*** Opening of Available records ***
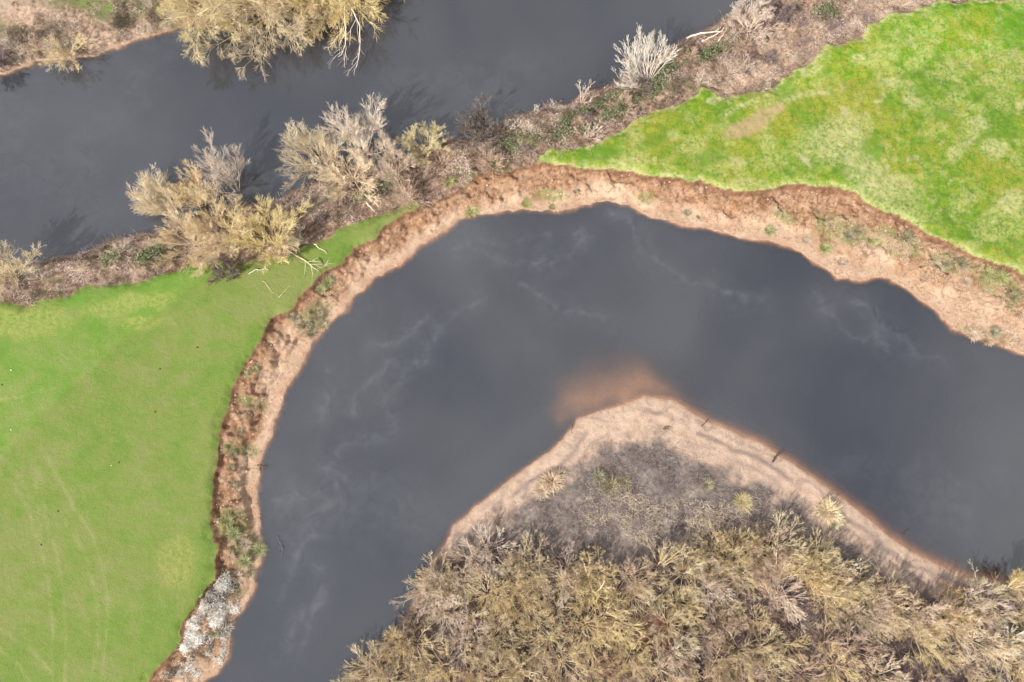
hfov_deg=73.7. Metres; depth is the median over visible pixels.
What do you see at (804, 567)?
willow shrub
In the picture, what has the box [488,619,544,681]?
willow shrub
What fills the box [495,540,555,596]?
willow shrub
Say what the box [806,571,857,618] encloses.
bare shrub
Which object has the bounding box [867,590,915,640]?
bare shrub
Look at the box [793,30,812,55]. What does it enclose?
dead shrub
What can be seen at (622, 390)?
river bed
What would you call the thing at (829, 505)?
grass tussock
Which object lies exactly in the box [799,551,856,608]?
willow shrub
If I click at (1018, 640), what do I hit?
bare shrub
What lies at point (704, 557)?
willow shrub
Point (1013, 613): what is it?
willow shrub
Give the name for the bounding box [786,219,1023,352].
dry grass
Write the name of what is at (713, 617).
bare shrub
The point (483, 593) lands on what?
willow shrub
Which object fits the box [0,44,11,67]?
dead shrub
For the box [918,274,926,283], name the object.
grass tussock
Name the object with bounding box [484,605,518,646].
willow shrub
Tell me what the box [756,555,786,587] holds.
bare shrub
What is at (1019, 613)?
bare shrub
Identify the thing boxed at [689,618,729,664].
bare shrub
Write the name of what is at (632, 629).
willow shrub
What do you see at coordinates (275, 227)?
bare shrub
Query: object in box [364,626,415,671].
willow shrub
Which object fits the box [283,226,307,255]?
bare shrub
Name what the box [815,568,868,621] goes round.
willow shrub
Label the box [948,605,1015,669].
bare shrub
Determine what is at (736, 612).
undergrowth
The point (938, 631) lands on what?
bare shrub
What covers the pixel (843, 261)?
grass tussock
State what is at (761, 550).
bare shrub
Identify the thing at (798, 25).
bare shrub
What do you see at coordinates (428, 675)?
willow shrub
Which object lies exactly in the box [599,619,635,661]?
willow shrub
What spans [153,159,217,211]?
willow shrub
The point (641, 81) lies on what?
dead shrub
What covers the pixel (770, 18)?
bare shrub
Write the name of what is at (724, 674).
willow shrub
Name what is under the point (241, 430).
grass tussock
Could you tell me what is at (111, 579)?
grass field
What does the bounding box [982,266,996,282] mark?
grass tussock
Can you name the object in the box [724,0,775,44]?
bare shrub
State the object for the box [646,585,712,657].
willow shrub
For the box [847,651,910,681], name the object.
bare shrub
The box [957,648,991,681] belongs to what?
bare shrub
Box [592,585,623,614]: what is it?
willow shrub
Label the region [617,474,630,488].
grass tussock
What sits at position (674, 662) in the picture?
bare shrub
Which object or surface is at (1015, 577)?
willow shrub
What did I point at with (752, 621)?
bare shrub
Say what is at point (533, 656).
bare shrub
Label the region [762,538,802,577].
willow shrub
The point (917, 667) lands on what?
dead shrub
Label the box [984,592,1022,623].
dead shrub
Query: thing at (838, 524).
grass tussock
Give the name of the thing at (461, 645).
bare shrub
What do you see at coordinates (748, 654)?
willow shrub
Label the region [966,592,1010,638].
bare shrub
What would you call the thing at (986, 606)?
bare shrub
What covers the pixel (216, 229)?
bare shrub
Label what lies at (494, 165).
grass tussock
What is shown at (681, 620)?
willow shrub
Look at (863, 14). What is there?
dead shrub
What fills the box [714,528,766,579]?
willow shrub
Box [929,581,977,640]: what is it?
willow shrub
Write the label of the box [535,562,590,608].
bare shrub
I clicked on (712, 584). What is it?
bare shrub
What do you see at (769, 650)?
willow shrub
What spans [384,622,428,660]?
bare shrub
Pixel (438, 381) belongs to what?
river water
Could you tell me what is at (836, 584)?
willow shrub
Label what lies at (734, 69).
bare shrub
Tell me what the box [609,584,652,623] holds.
willow shrub
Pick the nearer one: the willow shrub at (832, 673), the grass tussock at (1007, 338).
the willow shrub at (832, 673)
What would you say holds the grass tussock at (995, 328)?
on the river bank at (644, 195)
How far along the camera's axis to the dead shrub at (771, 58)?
106.73 m
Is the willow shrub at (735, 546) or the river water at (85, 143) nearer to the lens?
the willow shrub at (735, 546)
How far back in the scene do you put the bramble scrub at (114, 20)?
108.69 m
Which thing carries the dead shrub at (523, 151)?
on the ground at (330, 230)
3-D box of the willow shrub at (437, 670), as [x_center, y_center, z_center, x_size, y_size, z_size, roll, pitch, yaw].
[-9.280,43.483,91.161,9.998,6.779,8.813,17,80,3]
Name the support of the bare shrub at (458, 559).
on the sand bar
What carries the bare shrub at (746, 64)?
on the ground at (330, 230)
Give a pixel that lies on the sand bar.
(636, 422)
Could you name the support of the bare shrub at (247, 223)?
on the ground at (330, 230)
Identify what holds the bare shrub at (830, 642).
on the sand bar
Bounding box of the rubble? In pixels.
[159,570,241,681]
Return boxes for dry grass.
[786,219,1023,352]
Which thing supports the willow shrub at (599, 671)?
on the sand bar
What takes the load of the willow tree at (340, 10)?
on the river bank at (22, 10)
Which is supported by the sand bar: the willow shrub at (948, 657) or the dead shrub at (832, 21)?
the willow shrub at (948, 657)
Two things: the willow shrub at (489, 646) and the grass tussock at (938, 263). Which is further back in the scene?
the grass tussock at (938, 263)
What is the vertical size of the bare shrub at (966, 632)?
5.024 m
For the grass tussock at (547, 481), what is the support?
on the sand bar
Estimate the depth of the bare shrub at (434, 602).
92.68 m
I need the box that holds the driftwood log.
[686,27,723,38]
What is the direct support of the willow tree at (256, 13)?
on the river bank at (22, 10)
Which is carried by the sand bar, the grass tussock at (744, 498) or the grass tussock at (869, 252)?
the grass tussock at (744, 498)
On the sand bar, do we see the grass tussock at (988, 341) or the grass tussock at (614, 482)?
the grass tussock at (614, 482)
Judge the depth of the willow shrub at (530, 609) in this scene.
92.32 m
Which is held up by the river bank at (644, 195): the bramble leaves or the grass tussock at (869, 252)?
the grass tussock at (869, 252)
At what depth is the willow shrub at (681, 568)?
93.61 m
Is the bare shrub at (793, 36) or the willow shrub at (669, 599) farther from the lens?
the bare shrub at (793, 36)
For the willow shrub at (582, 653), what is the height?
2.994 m
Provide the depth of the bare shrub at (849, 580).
93.01 m
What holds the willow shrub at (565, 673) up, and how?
on the sand bar
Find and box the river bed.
[0,0,1023,681]
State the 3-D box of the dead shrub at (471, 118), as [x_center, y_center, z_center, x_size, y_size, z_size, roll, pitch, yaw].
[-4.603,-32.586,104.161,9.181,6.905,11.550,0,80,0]
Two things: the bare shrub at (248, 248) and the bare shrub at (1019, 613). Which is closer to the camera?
the bare shrub at (1019, 613)
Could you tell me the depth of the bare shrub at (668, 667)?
90.52 m
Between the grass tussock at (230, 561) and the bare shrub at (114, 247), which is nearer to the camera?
the grass tussock at (230, 561)
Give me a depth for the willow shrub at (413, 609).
93.67 m
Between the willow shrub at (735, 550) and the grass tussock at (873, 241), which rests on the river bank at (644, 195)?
the grass tussock at (873, 241)
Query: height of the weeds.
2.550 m
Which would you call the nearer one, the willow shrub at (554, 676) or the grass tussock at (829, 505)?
the willow shrub at (554, 676)
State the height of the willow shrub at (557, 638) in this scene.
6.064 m
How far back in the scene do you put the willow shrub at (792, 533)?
93.92 m
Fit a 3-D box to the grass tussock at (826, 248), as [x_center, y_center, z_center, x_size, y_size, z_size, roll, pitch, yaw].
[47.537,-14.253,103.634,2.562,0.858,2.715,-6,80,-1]
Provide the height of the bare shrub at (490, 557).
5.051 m
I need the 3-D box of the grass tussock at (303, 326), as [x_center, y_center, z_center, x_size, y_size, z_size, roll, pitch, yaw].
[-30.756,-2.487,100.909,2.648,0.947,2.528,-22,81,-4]
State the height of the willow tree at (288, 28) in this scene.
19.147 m
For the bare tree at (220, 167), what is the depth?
100.80 m
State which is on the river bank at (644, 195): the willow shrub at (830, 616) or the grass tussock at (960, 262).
the grass tussock at (960, 262)
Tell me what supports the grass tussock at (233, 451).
on the river bank at (644, 195)
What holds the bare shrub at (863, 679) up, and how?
on the sand bar
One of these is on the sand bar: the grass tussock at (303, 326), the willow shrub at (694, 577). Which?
the willow shrub at (694, 577)
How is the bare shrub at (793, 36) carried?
on the ground at (330, 230)
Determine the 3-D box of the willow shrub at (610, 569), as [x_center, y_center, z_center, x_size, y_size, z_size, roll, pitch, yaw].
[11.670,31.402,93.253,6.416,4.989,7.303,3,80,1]
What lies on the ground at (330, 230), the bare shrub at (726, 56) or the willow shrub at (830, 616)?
the bare shrub at (726, 56)
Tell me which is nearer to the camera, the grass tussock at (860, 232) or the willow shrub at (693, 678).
the willow shrub at (693, 678)
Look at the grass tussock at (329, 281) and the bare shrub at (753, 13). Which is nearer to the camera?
the grass tussock at (329, 281)
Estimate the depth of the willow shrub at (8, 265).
98.18 m
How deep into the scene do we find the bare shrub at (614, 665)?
90.98 m
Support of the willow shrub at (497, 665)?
on the sand bar
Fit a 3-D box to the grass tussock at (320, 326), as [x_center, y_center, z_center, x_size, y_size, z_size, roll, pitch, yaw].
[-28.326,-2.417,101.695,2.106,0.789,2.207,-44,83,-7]
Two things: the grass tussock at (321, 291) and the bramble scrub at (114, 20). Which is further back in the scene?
the bramble scrub at (114, 20)
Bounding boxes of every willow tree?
[125,164,181,217]
[155,0,249,64]
[184,183,262,277]
[191,0,290,45]
[194,0,332,81]
[218,196,311,273]
[258,0,354,28]
[283,0,389,74]
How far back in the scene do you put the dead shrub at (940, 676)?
*** Close of Available records ***
• What the exercise asks
From the entries, copy every line in which the word "roll" occurs.

• Answer to this problem
3-D box of the willow shrub at (437, 670), as [x_center, y_center, z_center, x_size, y_size, z_size, roll, pitch, yaw].
State the 3-D box of the dead shrub at (471, 118), as [x_center, y_center, z_center, x_size, y_size, z_size, roll, pitch, yaw].
Fit a 3-D box to the grass tussock at (826, 248), as [x_center, y_center, z_center, x_size, y_size, z_size, roll, pitch, yaw].
I need the 3-D box of the grass tussock at (303, 326), as [x_center, y_center, z_center, x_size, y_size, z_size, roll, pitch, yaw].
Determine the 3-D box of the willow shrub at (610, 569), as [x_center, y_center, z_center, x_size, y_size, z_size, roll, pitch, yaw].
Fit a 3-D box to the grass tussock at (320, 326), as [x_center, y_center, z_center, x_size, y_size, z_size, roll, pitch, yaw].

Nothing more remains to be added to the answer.